Carbon supports multiple models for use in generating embeddings for files. For images, we support Vertex AI’s multimodal model; for text, we support OpenAI’s text-embedding-ada-002 and Cohere’s embed-multilingual-v3.0. The model can be specified via the embedding_model parameter (in the POST body for /embeddings, and a query parameter in /uploadfile). If no model is supplied, the text-embedding-ada-002 is used by default. When performing embedding queries, embeddings from files that used the specified model will be considered in the query. For example, if files A and B have embeddings generated with OPENAI, and files C and D have embeddings generated with COHERE_MULTILINGUAL_V3, then by default, queries will only consider files A and B. If COHERE_MULTILINGUAL_V3 is specified as the embedding_model in /embeddings, then only files C and D will be considered. Make sure that the set of all files you want considered for a query have embeddings generated via the same model. For now, do not set VERTEX_MULTIMODAL as an embedding_model.
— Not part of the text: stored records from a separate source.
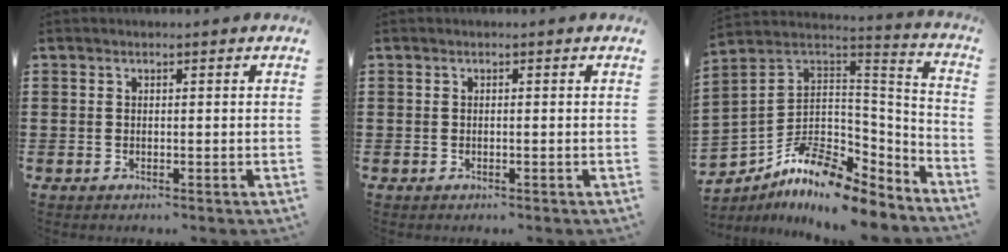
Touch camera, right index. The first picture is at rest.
{"total": 0.0}
{"total": 9.5, "force": [-7.2, 4.0, 4.8], "torque": [-0.101, 0.010, -0.138]}
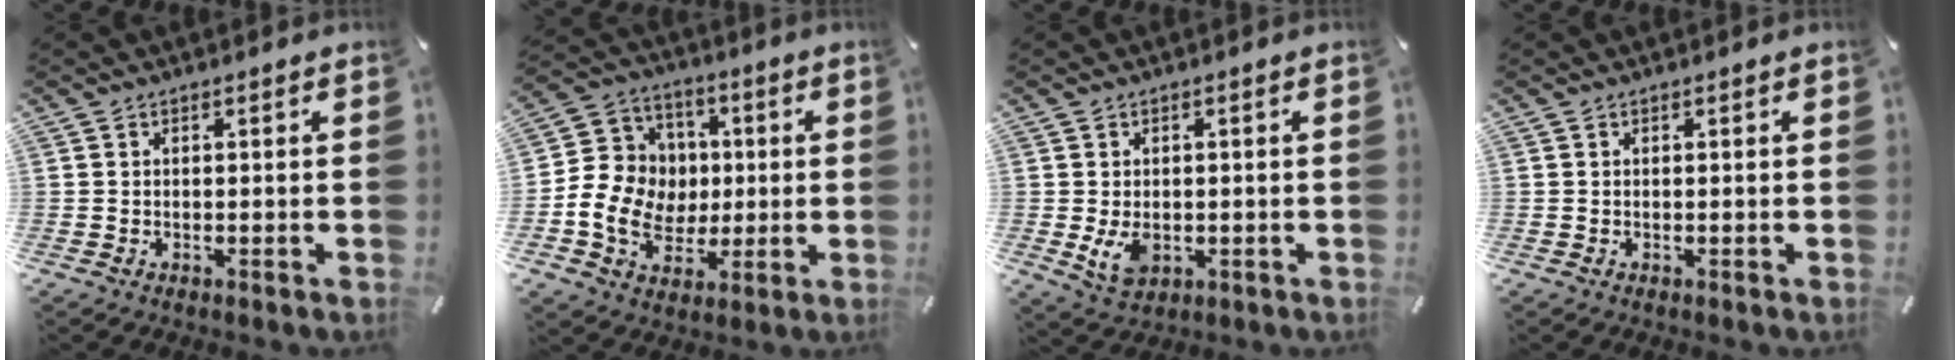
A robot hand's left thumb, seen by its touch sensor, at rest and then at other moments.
{"total": 12.4, "force": [-1.3, 11.6, 4.3], "torque": [-0.076, 0.019, -0.013]}
{"total": 4.8, "force": [-0.6, 3.6, 3.2], "torque": [-0.066, -0.004, -0.012]}
{"total": 0.0}
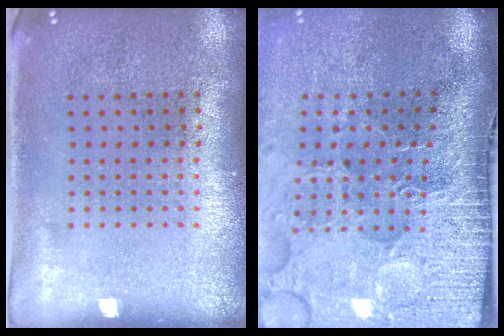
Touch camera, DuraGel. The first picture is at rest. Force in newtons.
{"total": 5.0, "press": 4.0, "slide": 3.0}
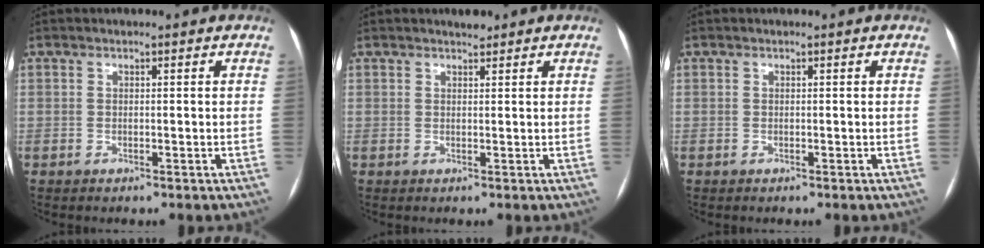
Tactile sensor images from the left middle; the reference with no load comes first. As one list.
[{"total": 1.4, "force": [1.2, 0.4, 0.5], "torque": [-0.013, 0.002, 0.020]}, {"total": 0.0}]
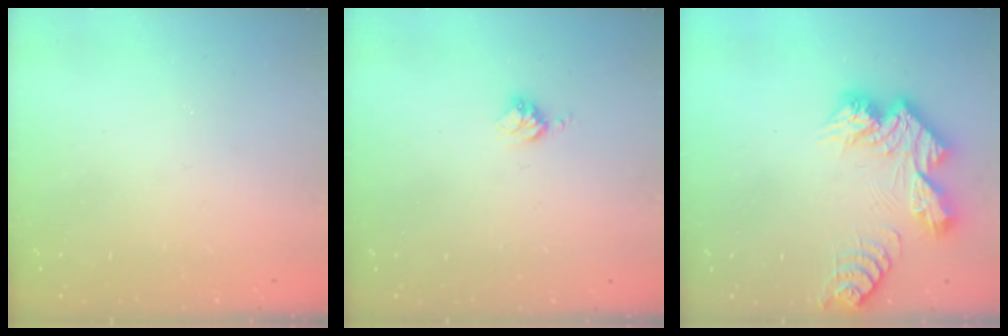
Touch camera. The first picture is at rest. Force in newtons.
{"total": 3.4, "press": 3.4, "slide": 0.4}
{"total": 13.8, "press": 13.7, "slide": 1.2}
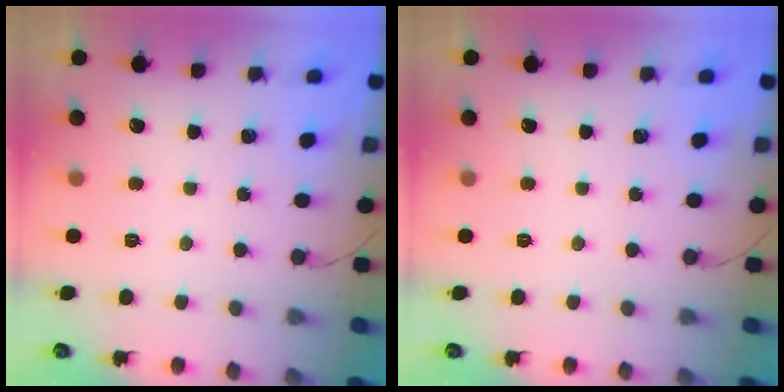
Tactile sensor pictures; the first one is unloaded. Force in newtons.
{"total": 0.0}
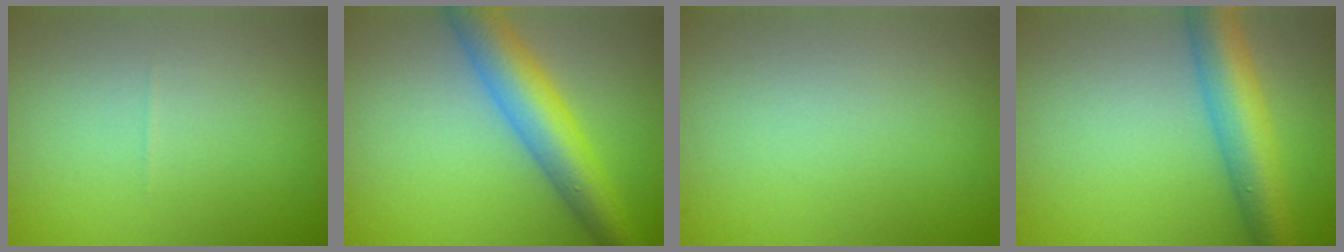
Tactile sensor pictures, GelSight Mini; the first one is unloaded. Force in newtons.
{"total": 6.7, "press": 6.7, "slide": 0.2}
{"total": 0.0}
{"total": 6.5, "press": 6.5, "slide": 0.2}
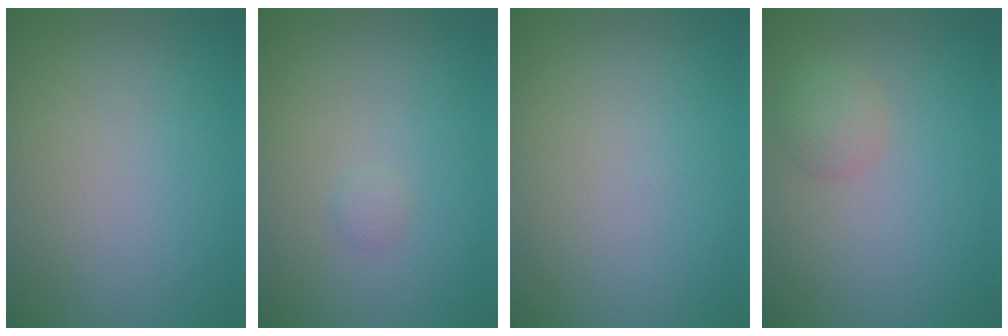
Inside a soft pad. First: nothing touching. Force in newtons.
{"total": 0.6, "press": 0.6, "slide": 0.0}
{"total": 0.0}
{"total": 2.1, "press": 2.1, "slide": 0.1}
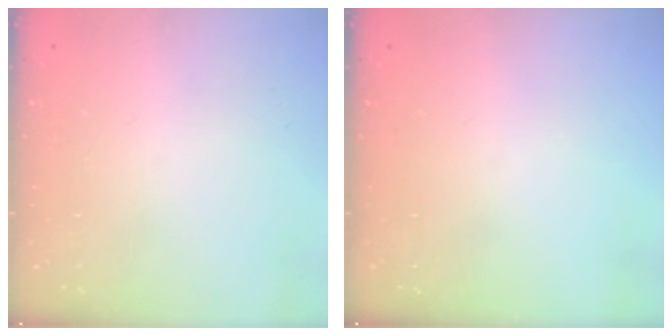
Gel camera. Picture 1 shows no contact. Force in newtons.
{"total": 0.0}
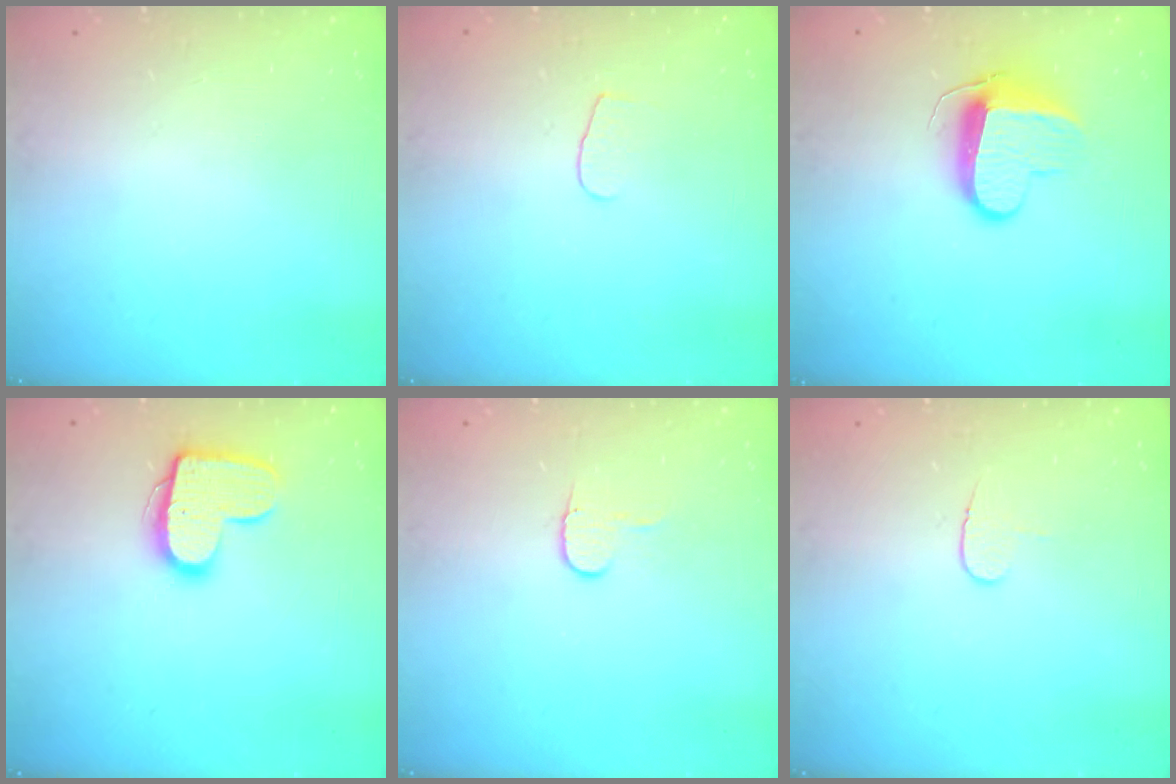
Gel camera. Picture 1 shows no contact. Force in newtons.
{"total": 4.2, "press": 4.2, "slide": 0.4}
{"total": 9.8, "press": 9.8, "slide": 0.1}
{"total": 12.8, "press": 12.8, "slide": 0.6}
{"total": 5.5, "press": 5.4, "slide": 0.5}
{"total": 3.8, "press": 3.8, "slide": 0.4}

This model is used automatically by Carbon when it detects an image file.

POST

uploadfile

curl --request POST \
  --url https://api.carbon.ai/uploadfile \
  --header 'Content-Type: multipart/form-data' \
  --header 'authorization: <api-key>'

{
  "id": 123,
  "source": "GOOGLE_CLOUD_STORAGE",
  "organization_id": 123,
  "organization_user_id": 123,
  "organization_supplied_user_id": "<string>",
  "organization_user_data_source_id": 123,
  "external_file_id": "<string>",
  "external_url": "<string>",
  "sync_status": "DELAYED",
  "sync_error_message": "<string>",
  "last_sync": "2023-11-07T05:31:56Z",
  "tags": {},
  "file_statistics": {
    "file_format": "TXT",
    "file_size": 123,
    "num_characters": 123,
    "num_tokens": 123,
    "num_embeddings": 123,
    "mime_type": "<string>"
  },
  "file_metadata": {},
  "embedding_properties": {},
  "chunk_size": 123,
  "chunk_overlap": 123,
  "chunk_properties": {
    "set_page_as_boundary": false,
    "prepend_filename_to_chunks": false,
    "max_items_per_chunk": 123
  },
  "ocr_properties": {},
  "ocr_job_started_at": "2023-11-07T05:31:56Z",
  "name": "<string>",
  "parent_id": 123,
  "enable_auto_sync": true,
  "presigned_url": "<string>",
  "parsed_text_url": "<string>",
  "additional_presigned_urls": {},
  "skip_embedding_generation": true,
  "source_created_at": "2023-11-07T05:31:56Z",
  "generate_sparse_vectors": true,
  "request_id": "<string>",
  "upload_id": "<string>",
  "sync_properties": {},
  "messages_metadata": {},
  "file_contents_deleted": false,
  "supports_cold_storage": true,
  "hot_storage_time_to_live": 123,
  "embedding_storage_status": "HOT_STORAGE",
  "created_at": "2023-11-07T05:31:56Z",
  "updated_at": "2023-11-07T05:31:56Z"
}

Authorizations

authorization

string

header

required

token <token>, corresponds to temporary access tokens.

Query Parameters

chunk_size

integer | null

Chunk size in tiktoken tokens to be used when processing file.

chunk_overlap

integer | null

Chunk overlap in tiktoken tokens to be used when processing file.

skip_embedding_generation

boolean

default:false

Flag to control whether or not embeddings should be generated and stored when processing file.

set_page_as_boundary

boolean

default:false

Flag to control whether or not to set the a page's worth of content as the maximum amount of content that can appear in a chunk. Only valid for PDFs. See description route description for more information.

embedding_model

default:OPENAI

Embedding model that will be used to embed file chunks.

Available options:

OPENAI,

AZURE_OPENAI,

COHERE_MULTILINGUAL_V3,

OPENAI_ADA_LARGE_256,

OPENAI_ADA_LARGE_1024,

OPENAI_ADA_LARGE_3072,

OPENAI_ADA_SMALL_512,

OPENAI_ADA_SMALL_1536,

AZURE_ADA_LARGE_256,

AZURE_ADA_LARGE_1024,

AZURE_ADA_LARGE_3072,

AZURE_ADA_SMALL_512,

AZURE_ADA_SMALL_1536,

SOLAR_1_MINI

use_ocr

boolean

default:false

Whether or not to use OCR when processing files. Valid for PDFs, JPEGs, and PNGs. Useful for documents with tables, images, and/or scanned text.

generate_sparse_vectors

boolean

default:false

Whether or not to generate sparse vectors for the file. This is required for the file to be a candidate for hybrid search.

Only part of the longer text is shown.